[Records]:
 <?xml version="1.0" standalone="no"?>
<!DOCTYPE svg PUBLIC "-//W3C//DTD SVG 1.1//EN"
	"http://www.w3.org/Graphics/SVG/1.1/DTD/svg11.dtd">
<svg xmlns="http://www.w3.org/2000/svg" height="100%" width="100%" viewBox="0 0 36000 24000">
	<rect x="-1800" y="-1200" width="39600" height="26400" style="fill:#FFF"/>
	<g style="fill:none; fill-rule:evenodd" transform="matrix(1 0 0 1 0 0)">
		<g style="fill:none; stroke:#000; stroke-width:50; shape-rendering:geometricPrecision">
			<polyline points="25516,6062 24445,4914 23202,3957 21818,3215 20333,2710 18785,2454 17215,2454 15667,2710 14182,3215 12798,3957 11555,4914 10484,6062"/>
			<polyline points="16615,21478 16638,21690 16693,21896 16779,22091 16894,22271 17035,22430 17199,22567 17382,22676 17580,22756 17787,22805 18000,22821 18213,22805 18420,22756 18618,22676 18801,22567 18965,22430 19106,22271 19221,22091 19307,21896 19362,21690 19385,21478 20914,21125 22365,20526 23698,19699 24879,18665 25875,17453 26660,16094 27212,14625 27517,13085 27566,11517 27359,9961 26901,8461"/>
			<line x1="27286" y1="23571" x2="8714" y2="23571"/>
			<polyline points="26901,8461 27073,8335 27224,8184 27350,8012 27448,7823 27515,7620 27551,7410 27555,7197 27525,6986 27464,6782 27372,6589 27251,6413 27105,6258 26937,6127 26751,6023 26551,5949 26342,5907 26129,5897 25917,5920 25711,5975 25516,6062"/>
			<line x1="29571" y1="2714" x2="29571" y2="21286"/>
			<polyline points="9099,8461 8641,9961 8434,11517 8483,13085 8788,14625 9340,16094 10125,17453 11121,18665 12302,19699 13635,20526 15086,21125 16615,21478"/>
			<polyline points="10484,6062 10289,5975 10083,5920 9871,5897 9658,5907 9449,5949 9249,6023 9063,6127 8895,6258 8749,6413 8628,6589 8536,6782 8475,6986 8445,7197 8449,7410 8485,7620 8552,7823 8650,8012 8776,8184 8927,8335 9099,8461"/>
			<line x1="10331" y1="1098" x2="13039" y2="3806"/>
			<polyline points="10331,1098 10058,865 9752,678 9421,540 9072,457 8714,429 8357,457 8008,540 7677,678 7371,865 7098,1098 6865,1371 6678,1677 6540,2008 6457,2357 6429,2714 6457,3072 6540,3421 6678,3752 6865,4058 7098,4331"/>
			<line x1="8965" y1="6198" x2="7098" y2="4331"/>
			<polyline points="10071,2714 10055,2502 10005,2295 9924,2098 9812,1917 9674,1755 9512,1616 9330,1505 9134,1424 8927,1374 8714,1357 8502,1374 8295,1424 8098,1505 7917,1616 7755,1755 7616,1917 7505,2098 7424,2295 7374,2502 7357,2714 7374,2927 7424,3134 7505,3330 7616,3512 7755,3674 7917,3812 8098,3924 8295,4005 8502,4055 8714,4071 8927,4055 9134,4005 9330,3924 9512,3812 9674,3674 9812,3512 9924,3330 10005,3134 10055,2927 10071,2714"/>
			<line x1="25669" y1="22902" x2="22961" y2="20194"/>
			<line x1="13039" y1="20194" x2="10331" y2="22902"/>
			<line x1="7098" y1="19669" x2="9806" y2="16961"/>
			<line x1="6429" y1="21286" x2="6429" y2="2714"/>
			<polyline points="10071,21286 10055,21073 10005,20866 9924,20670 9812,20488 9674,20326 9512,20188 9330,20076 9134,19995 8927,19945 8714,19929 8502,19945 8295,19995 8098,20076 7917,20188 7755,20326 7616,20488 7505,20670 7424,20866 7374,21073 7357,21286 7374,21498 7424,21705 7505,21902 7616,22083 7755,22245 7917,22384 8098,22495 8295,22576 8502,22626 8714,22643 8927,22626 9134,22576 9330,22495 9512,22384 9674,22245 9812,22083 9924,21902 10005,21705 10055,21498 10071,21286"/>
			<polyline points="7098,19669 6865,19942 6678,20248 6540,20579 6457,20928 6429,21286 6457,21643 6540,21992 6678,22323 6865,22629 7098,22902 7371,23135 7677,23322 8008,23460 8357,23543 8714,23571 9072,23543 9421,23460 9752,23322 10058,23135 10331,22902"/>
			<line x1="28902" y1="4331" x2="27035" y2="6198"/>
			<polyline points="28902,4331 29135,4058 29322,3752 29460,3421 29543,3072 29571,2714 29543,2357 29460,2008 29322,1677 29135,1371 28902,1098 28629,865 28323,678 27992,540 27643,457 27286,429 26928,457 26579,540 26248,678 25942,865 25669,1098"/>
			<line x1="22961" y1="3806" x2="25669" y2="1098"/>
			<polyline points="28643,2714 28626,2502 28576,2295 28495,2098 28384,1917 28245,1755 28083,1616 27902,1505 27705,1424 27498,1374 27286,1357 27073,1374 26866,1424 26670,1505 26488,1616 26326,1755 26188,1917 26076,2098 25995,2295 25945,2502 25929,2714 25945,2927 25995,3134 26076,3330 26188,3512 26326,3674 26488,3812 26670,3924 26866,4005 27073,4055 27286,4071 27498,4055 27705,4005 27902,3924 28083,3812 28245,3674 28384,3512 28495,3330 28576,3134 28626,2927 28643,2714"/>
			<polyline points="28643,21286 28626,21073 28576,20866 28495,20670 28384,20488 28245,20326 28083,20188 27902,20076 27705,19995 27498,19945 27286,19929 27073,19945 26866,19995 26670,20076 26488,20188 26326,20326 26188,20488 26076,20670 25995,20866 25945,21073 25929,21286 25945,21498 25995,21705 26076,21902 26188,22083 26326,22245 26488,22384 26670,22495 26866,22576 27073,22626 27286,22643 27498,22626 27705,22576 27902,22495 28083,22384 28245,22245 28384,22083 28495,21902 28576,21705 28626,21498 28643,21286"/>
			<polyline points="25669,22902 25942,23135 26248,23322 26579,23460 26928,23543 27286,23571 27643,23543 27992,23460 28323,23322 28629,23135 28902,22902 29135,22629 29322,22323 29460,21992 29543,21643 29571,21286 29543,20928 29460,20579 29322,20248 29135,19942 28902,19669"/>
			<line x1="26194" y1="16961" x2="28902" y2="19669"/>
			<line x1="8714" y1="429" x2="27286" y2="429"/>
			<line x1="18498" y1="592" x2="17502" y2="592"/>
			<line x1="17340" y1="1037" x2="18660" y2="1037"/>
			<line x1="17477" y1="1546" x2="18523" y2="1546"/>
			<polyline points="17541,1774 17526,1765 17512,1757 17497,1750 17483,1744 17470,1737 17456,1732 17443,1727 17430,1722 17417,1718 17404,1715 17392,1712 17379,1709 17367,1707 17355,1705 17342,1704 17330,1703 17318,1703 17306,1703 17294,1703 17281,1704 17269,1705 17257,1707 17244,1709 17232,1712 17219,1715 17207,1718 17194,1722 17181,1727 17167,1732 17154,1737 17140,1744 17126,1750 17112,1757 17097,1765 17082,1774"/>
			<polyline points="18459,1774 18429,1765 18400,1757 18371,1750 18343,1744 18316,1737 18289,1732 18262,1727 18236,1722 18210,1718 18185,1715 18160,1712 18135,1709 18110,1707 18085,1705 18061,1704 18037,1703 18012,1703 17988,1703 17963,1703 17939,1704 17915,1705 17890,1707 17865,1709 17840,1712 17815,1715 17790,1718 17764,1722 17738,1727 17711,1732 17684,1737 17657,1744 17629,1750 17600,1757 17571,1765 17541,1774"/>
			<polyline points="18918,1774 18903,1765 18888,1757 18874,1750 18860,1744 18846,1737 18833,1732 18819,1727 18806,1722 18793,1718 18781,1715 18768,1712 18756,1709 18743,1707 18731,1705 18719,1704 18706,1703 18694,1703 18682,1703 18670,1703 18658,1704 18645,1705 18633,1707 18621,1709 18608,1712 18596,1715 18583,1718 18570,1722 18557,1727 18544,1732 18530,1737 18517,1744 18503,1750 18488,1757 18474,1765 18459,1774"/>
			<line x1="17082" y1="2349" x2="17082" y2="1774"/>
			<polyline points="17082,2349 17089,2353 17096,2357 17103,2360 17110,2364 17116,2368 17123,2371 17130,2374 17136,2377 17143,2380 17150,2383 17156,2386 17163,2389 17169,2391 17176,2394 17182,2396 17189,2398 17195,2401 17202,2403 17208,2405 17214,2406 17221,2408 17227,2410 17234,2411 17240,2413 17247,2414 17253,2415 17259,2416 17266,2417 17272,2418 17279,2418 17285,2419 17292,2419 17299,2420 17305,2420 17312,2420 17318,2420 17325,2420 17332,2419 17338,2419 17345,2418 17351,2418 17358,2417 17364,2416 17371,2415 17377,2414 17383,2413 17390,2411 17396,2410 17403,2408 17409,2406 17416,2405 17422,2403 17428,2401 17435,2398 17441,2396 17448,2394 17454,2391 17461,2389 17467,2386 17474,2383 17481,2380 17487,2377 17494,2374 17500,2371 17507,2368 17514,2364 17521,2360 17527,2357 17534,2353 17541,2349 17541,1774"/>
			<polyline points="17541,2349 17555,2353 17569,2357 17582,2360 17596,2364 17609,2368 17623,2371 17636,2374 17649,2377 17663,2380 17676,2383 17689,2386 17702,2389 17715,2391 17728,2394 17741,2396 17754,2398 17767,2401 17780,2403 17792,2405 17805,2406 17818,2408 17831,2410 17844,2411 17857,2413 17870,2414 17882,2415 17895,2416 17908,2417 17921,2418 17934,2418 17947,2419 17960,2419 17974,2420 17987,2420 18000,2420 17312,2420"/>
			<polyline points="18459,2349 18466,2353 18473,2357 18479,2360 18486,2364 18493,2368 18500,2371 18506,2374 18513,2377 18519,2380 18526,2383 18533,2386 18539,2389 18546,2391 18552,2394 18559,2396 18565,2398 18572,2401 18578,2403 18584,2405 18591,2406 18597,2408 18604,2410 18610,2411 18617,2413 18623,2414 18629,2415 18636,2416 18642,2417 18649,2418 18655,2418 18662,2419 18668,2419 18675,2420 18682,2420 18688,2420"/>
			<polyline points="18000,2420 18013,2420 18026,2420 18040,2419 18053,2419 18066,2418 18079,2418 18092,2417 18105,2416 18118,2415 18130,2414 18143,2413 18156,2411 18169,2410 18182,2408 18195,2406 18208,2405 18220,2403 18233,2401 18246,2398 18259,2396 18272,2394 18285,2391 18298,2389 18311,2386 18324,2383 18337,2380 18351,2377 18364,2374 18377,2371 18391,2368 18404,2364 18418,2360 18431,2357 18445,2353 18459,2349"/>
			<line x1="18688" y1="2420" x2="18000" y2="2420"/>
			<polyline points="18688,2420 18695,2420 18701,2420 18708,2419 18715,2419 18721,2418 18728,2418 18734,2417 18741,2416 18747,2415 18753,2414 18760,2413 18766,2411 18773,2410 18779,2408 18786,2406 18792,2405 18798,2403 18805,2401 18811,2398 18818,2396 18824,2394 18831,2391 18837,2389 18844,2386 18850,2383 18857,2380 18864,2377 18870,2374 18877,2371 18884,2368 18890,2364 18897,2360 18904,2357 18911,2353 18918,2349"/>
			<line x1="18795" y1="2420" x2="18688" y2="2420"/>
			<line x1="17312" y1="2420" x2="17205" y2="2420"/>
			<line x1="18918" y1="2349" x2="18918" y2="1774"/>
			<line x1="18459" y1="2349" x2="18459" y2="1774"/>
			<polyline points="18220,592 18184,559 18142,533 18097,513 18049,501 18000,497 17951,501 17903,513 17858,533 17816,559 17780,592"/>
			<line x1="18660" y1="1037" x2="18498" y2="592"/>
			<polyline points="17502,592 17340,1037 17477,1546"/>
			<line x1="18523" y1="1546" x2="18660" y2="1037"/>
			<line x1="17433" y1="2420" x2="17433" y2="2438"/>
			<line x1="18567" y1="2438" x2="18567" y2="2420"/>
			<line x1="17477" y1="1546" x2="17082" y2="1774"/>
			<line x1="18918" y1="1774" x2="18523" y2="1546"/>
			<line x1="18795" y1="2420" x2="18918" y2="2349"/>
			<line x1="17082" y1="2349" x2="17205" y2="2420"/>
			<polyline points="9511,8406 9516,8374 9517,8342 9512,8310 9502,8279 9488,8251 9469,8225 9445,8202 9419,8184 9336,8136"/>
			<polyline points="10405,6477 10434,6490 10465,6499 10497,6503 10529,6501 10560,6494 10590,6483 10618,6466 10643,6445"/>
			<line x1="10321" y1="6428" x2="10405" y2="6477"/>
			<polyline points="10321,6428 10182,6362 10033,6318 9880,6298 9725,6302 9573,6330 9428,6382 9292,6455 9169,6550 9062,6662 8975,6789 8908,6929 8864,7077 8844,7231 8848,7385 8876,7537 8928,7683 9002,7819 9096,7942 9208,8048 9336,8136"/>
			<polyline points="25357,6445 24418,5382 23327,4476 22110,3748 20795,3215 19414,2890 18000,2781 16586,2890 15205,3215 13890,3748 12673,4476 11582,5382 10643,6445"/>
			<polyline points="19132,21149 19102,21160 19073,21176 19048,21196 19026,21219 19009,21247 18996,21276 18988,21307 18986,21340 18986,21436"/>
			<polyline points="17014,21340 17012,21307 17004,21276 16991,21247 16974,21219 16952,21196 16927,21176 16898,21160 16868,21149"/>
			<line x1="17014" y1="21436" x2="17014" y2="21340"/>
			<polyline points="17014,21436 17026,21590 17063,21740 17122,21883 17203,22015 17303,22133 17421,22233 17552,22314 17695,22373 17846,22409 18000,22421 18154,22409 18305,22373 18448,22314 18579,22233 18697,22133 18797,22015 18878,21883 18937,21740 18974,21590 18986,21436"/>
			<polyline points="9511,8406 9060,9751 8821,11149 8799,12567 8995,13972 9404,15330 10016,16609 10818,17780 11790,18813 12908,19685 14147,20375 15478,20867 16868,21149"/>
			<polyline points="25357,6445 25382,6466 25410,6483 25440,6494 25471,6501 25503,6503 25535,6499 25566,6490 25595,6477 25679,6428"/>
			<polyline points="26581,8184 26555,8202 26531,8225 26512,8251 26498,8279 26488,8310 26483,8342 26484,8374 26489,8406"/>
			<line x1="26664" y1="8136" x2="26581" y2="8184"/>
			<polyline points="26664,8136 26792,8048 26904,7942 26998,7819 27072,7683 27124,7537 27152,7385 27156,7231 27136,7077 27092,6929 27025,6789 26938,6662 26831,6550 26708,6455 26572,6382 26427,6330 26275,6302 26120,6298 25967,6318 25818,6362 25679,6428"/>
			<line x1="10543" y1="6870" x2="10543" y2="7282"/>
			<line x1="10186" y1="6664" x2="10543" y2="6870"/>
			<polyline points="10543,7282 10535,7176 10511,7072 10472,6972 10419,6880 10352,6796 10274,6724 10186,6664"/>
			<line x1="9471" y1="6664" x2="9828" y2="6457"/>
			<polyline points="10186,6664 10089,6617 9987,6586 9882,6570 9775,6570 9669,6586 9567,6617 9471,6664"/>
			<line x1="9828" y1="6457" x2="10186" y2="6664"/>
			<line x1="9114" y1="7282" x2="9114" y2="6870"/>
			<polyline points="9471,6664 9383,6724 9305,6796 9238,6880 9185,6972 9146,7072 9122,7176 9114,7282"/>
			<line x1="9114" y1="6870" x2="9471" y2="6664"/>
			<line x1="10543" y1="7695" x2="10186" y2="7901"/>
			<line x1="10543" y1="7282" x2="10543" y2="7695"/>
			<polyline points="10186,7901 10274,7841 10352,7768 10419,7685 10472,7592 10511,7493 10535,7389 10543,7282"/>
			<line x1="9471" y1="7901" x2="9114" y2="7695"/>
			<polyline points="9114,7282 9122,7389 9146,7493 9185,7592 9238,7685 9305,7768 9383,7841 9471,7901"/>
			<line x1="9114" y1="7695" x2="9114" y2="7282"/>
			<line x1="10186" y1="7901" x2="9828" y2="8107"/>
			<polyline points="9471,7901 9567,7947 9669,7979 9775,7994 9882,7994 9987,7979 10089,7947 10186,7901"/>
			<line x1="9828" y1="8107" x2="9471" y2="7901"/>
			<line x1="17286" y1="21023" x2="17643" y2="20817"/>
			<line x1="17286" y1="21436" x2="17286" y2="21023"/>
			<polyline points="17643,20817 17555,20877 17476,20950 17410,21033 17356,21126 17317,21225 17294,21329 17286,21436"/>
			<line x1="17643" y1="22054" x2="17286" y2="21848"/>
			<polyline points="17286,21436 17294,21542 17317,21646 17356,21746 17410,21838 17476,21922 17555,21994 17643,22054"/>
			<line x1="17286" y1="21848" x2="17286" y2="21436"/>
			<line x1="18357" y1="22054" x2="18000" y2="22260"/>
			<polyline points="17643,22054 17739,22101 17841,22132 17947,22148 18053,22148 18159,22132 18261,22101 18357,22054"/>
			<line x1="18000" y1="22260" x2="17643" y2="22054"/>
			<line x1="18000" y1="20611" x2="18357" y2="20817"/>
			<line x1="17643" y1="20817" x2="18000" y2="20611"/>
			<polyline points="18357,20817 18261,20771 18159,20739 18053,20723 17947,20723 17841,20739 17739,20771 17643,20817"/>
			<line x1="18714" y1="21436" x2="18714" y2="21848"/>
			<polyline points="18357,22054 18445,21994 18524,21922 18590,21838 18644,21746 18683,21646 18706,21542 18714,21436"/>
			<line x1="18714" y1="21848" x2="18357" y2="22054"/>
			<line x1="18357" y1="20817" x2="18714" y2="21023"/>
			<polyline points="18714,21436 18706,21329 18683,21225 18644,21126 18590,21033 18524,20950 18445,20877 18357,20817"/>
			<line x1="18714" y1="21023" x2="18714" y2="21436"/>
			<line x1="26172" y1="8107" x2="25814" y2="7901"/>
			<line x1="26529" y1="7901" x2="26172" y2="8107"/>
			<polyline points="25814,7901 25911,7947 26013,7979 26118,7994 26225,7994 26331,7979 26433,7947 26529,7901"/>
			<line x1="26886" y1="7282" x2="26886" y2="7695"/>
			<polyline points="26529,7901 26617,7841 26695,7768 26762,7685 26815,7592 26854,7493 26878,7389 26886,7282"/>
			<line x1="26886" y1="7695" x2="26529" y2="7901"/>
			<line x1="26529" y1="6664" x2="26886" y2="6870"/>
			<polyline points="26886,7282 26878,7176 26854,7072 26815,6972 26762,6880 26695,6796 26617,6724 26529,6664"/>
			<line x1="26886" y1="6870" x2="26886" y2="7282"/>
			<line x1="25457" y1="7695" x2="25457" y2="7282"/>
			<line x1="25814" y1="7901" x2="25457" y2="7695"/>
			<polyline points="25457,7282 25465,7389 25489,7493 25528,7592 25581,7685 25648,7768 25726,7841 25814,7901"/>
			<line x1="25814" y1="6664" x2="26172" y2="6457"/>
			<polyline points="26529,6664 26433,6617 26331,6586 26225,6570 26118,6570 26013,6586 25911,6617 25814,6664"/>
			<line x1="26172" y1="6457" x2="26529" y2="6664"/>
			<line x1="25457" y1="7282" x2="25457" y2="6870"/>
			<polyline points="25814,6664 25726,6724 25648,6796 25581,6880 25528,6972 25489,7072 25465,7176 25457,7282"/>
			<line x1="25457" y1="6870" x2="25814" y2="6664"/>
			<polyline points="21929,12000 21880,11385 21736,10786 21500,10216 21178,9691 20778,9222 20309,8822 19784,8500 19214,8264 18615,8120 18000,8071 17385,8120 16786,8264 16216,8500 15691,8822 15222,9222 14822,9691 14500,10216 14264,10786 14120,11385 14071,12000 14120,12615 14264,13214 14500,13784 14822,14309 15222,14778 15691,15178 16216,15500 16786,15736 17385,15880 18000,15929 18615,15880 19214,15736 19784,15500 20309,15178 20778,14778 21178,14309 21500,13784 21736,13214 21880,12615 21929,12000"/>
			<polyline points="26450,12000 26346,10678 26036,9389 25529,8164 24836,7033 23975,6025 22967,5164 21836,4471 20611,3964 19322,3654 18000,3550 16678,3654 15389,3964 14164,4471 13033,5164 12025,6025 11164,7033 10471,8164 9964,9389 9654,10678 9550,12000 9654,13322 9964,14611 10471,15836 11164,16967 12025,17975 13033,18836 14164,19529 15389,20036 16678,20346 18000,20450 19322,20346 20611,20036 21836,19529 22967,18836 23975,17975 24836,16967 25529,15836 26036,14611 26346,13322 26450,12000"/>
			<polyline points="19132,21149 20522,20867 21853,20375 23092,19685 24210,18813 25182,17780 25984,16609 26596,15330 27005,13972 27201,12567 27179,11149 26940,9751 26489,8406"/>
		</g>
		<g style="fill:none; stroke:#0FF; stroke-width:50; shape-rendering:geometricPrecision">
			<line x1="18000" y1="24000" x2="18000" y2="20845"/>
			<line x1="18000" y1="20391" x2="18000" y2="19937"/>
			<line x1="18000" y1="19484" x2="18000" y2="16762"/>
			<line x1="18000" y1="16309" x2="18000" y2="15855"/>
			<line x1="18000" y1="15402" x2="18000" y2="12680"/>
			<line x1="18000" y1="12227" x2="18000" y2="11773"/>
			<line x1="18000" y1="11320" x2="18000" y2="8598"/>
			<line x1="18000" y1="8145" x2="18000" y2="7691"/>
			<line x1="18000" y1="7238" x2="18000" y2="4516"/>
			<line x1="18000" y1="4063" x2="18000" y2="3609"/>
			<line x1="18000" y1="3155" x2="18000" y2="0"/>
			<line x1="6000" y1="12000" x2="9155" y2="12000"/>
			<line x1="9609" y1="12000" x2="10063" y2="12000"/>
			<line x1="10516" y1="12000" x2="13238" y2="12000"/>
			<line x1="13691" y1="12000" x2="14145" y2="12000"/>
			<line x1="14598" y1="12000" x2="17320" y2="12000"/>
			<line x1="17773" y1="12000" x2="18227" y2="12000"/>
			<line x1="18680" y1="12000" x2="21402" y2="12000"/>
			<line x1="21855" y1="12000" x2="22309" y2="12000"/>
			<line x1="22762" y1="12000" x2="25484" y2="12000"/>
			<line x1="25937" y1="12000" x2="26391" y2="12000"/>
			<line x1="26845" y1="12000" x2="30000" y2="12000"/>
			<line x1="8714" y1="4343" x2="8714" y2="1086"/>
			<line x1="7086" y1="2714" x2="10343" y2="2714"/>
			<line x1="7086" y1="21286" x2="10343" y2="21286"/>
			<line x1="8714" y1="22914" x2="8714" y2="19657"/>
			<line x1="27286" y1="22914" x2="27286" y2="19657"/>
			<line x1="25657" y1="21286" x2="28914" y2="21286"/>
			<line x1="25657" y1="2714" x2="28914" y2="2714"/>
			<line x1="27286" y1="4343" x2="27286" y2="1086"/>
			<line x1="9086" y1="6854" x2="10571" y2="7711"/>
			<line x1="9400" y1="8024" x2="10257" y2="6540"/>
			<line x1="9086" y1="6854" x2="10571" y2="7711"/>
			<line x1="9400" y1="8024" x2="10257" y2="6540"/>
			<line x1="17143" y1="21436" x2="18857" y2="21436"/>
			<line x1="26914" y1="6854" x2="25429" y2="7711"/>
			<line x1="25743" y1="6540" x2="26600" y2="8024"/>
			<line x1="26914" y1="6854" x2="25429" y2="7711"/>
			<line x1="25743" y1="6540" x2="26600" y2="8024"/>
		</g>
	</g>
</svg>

[How to complete this task]:
Among the lines of the data, identify those with the word "shape". Copy each of them.

[Result of this task]:
		<g style="fill:none; stroke:#000; stroke-width:50; shape-rendering:geometricPrecision">
		<g style="fill:none; stroke:#0FF; stroke-width:50; shape-rendering:geometricPrecision">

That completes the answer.